The documented truth is; that small mouth bass were established here in BC, in 1901, and large mouth in 1919, as recorded by Professor John Richard Dymon, in his book “Trout and other Game Fish of British Columbia,” published in 1932, by Fisheries Canada. While records show many barren lakes in the BC interior, were not stocked with trout until the 1920’s. As I stated earlier, legally planted bass and trout have been here in BC, longer than any of us reading this column, and after 100 years of coexisting together neither has wiped the other out. I like and fish them both; perhaps you should too.

The Report

Fishing on our lower mainland lakes is fair to good. Stable weather has finally arrived; along with the heat. This mixed blessing makes thing a bit more challenging but not impossible. Working the cooler more oxygenated water around underground springs, inlet streams, the south western regions of your favorite lake, in the early morning and evening, usually helps improve the catch ratio. For wet (sinking) fly fishing try: Chironomid, black or green Wooly Bugger, Doc Spratley, Sixpack, Pheasant Tail Nymph, Dragon Nymph, Micro Leach, Pumpkinhead, or Baggy Shrimp. For dry (floating) fly fishing try: Lady McConnel, Tom Thumb, Elk Hair Caddis, Double Hackled Peacock, Black Gnat, Griffith Gnat, or Irresistible. For Kokanee try: Red Ibis, San Juan Worm, Red Spratley, or red Zonker.

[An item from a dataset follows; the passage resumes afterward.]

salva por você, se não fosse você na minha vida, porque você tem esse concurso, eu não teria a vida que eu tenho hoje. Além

Our lower mainland bass and panfish waters are in prime shape. Waters are still up but beginning to drop and the weeds are growing, so don’t leave this one too long. For bass try: Popping Bug, Chernobyl Ant, adult Dragon and Damsel, Joe’s hopper, Stimulator, Foam Frog, Tom thumb, Big Black, black or green Wooly bugger, Dolly Whacker, Lefty’s Deceiver, Clouser’s Deep Minnow, or Pumpkinhead. For panfish try: Popping Bug, Damsel Nymph, Dragon Nymph, Souboo, Micro Leach, Wooly Bugger, Tied Down Minnow, Dolly Whacker, Pumpkinhead, Black Gnat, Adams, Tom Thumb, Trico, Griffith Gnat.

Our interior lakes are in still fishing fairly well. Again, early morning and evening are the key. For wet fly fishing try: Chironomid, Bloodworm, Red Spratley, Halfback, Big Black, black or green Wooly Bugger, Dragon Nymph, Butler’s Bug, Damsel Nymph, Pumpkinhead, or Baggy shrimp. For dry fly fishing try: Tom Thumb, Renegade, Lady McConnel, Goddard Sedge, Elk Hair Caddis, Black Gnat, Double Trued, Adams, or Irresistible.

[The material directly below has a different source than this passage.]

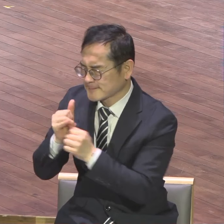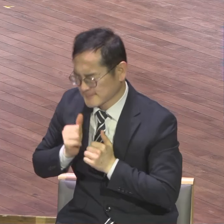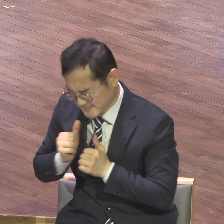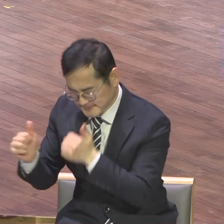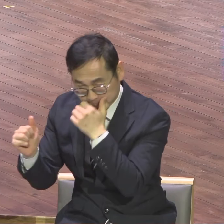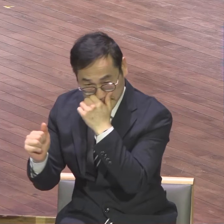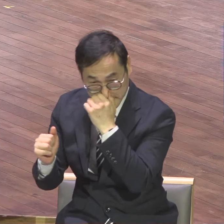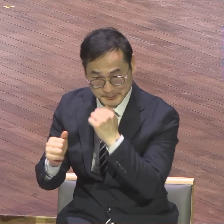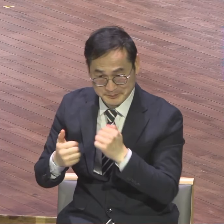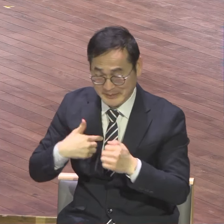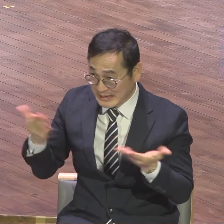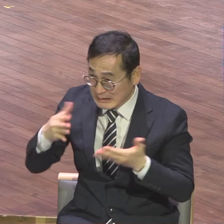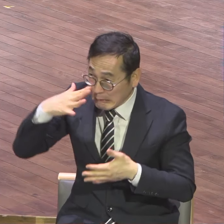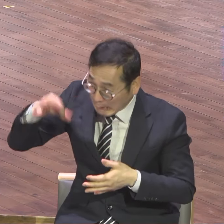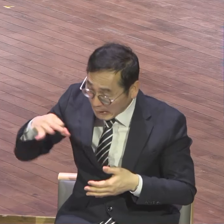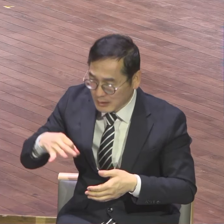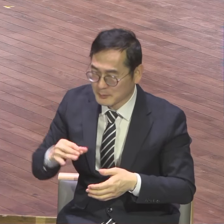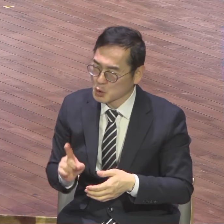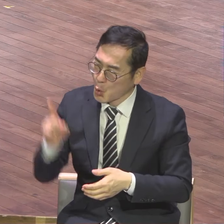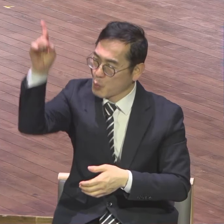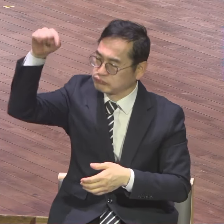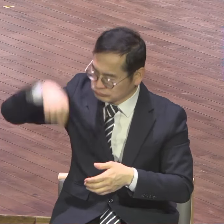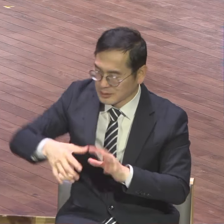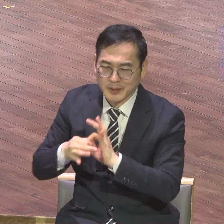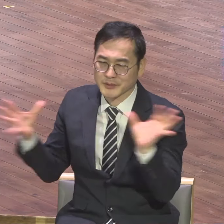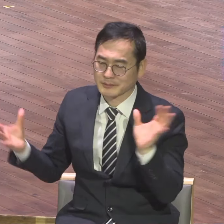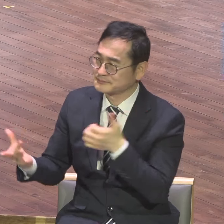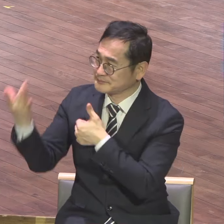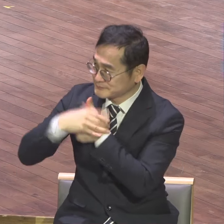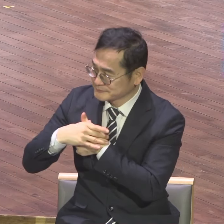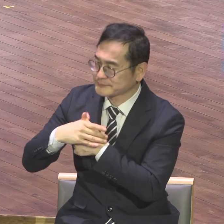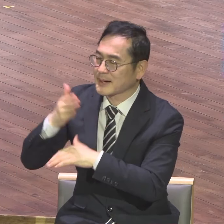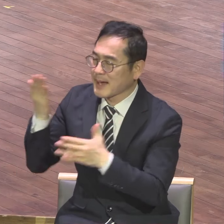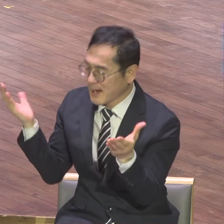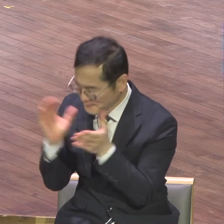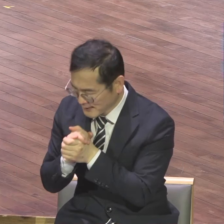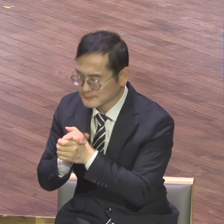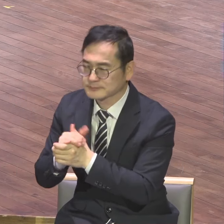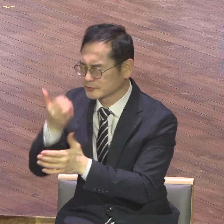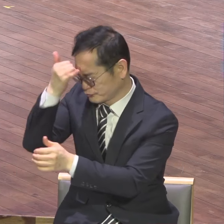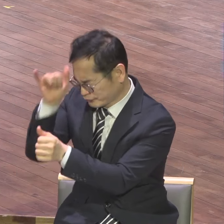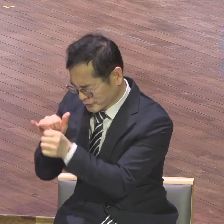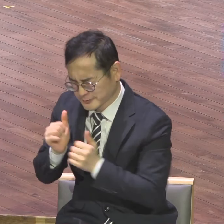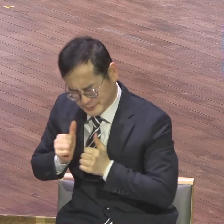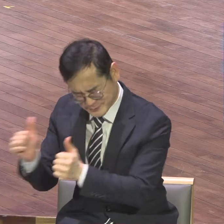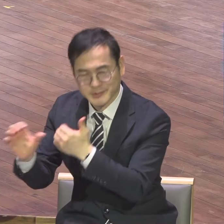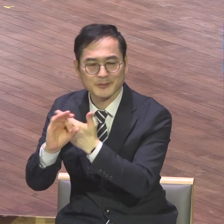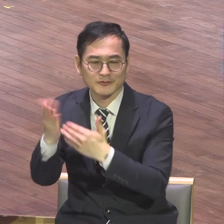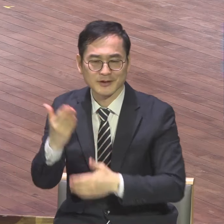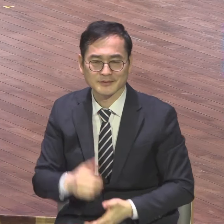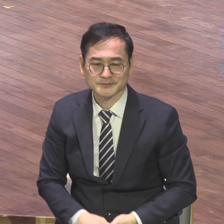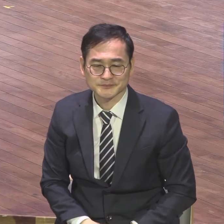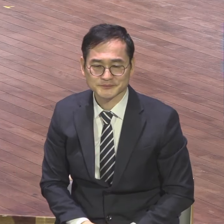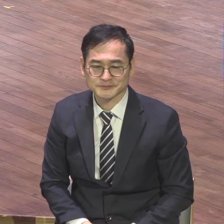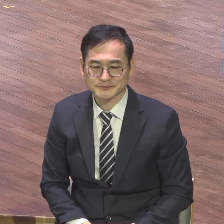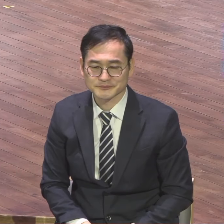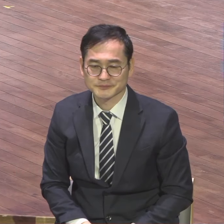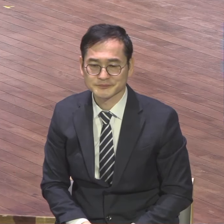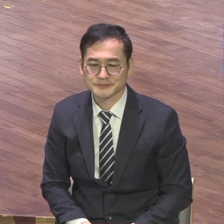충성이니라 마태문 25장에 보면 각기 다른 달란트를 받았지만 충성한 종에게는 똑같은

It’s my favorite time of year! That’s right, the Stonefly hatch is on! Time to hit the rivers, once a year event, “Big Flies, Big Fish.”

Salmon fishing on the Fraser is closed again!

The Chehalis River is slow to fair for rainbow and cutthroat. For cutthroat try: Rolled Muddler, Professor, Silver Doctor. For rainbow try Kaufman stone, Stimulator, California Blond, Adams, Irresistible, Elk Hair Caddis, Tom Thumb, Zulu, Black Gnat, Czech, Cased Caddis, Straw Man, Joe’s Hopper, or Goddard Caddis.

The Thompson River is very good for its famous rainbows: The bad news of the low sockeye return, is good news for those wishing to land one of the famous trophy Thompson River rainbows. Many years of experience has taught me that if you want to enjoy the peak of the remarkable stone fly hatch, on the Thom, you need to fish the river hard during the hottest two weeks of summer, from the BC Day long weekend, until the sockeye flood the river at Spence Bridge. Once the sockeye, bully the big bows out of all the prime holding water, the prospects of consistently finding those legendary big bows is over for another year; but not this year. We are pushing into the third week, and those 50cm plus rainbows are still persistently slamming size #2 and #4 Stimulators and Stone Nymphs.